Talk #3: Relationship between Children’s Intuitive Theory and Learning Preference

Jinjing Jenny Wang, Ph.D.

Rutgers University - New Brunswick


Children, much like scientists, try to make sense of the world beyond mere facts. Decades of work has revealed “theory-like” representations of causal relationships in young children. These “intuitive theories” develop over time and play an important role in children’s construction of knowledge about how the world works. How do differences in children’s developing intuitive theories impact what they want to learn about? In a series of studies, we examined the relationship between preschool children’s intuitive theory level in various domains and their domain-specific learning preferences. 

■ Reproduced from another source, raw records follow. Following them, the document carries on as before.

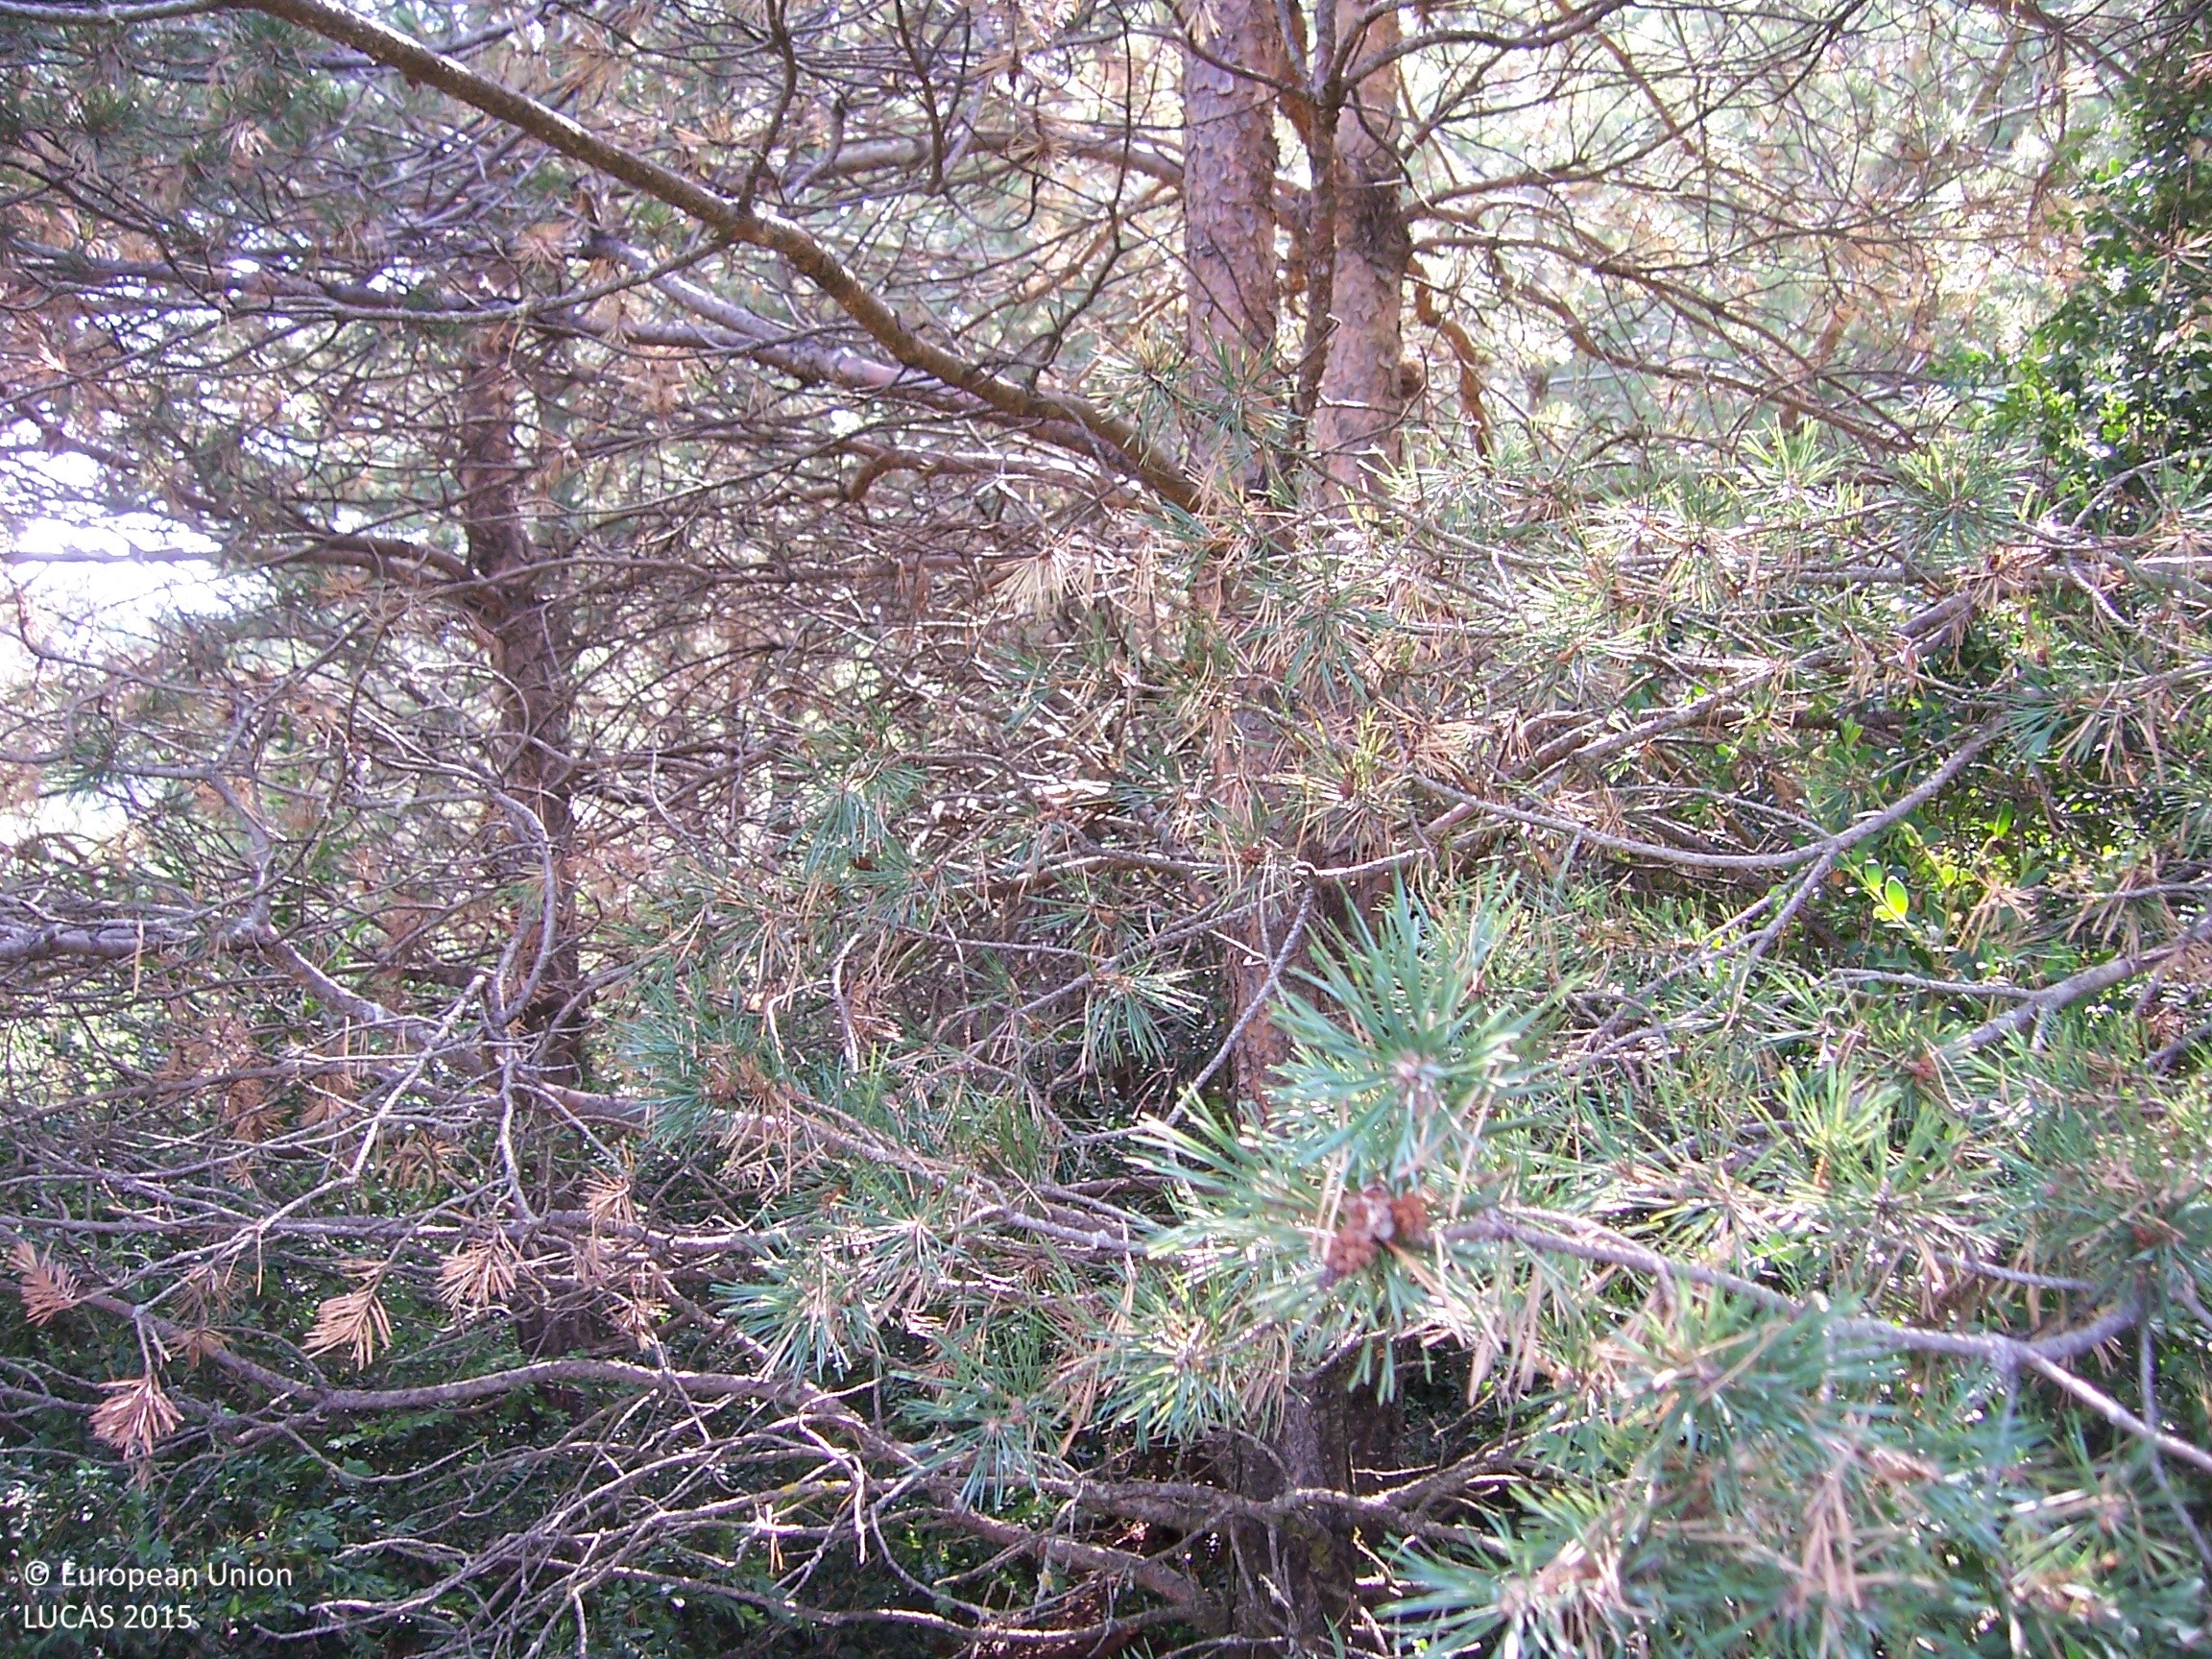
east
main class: Woodland
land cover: Pine dominated coniferous woodland
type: coniferous forest of the mediterranean region
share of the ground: > 75 %
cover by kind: coniferous forest trees 100 %
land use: Semi-natural and natural areas not in use
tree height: > 5 m
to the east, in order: Pine dominated coniferous woodland; Shrubland with sparse tree cover; Other bare soil
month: August
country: ES
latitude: 42.5652
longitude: -0.4658

Talk #4: Intuitive Sociology

Kristin Shutts, Ph.D.

University of Wisconsin – Madison


In recent years, there has been an explosion of research focused on how children make sense of the structure of their society—in particular, how they represent and reason about social groups. In this presentation, I will review and synthesize this body of work, and suggest that intuitive sociology consists of three core phenomena: (the identification of relevant 

groups and their attributes); social value (the worth of different groups); and social norms (shared expectations for how groups ought to be). After articulating each component, I will consider transitions from intuitive to reflective representations, and then articulate future directions for advancing our understanding of intuitive sociology.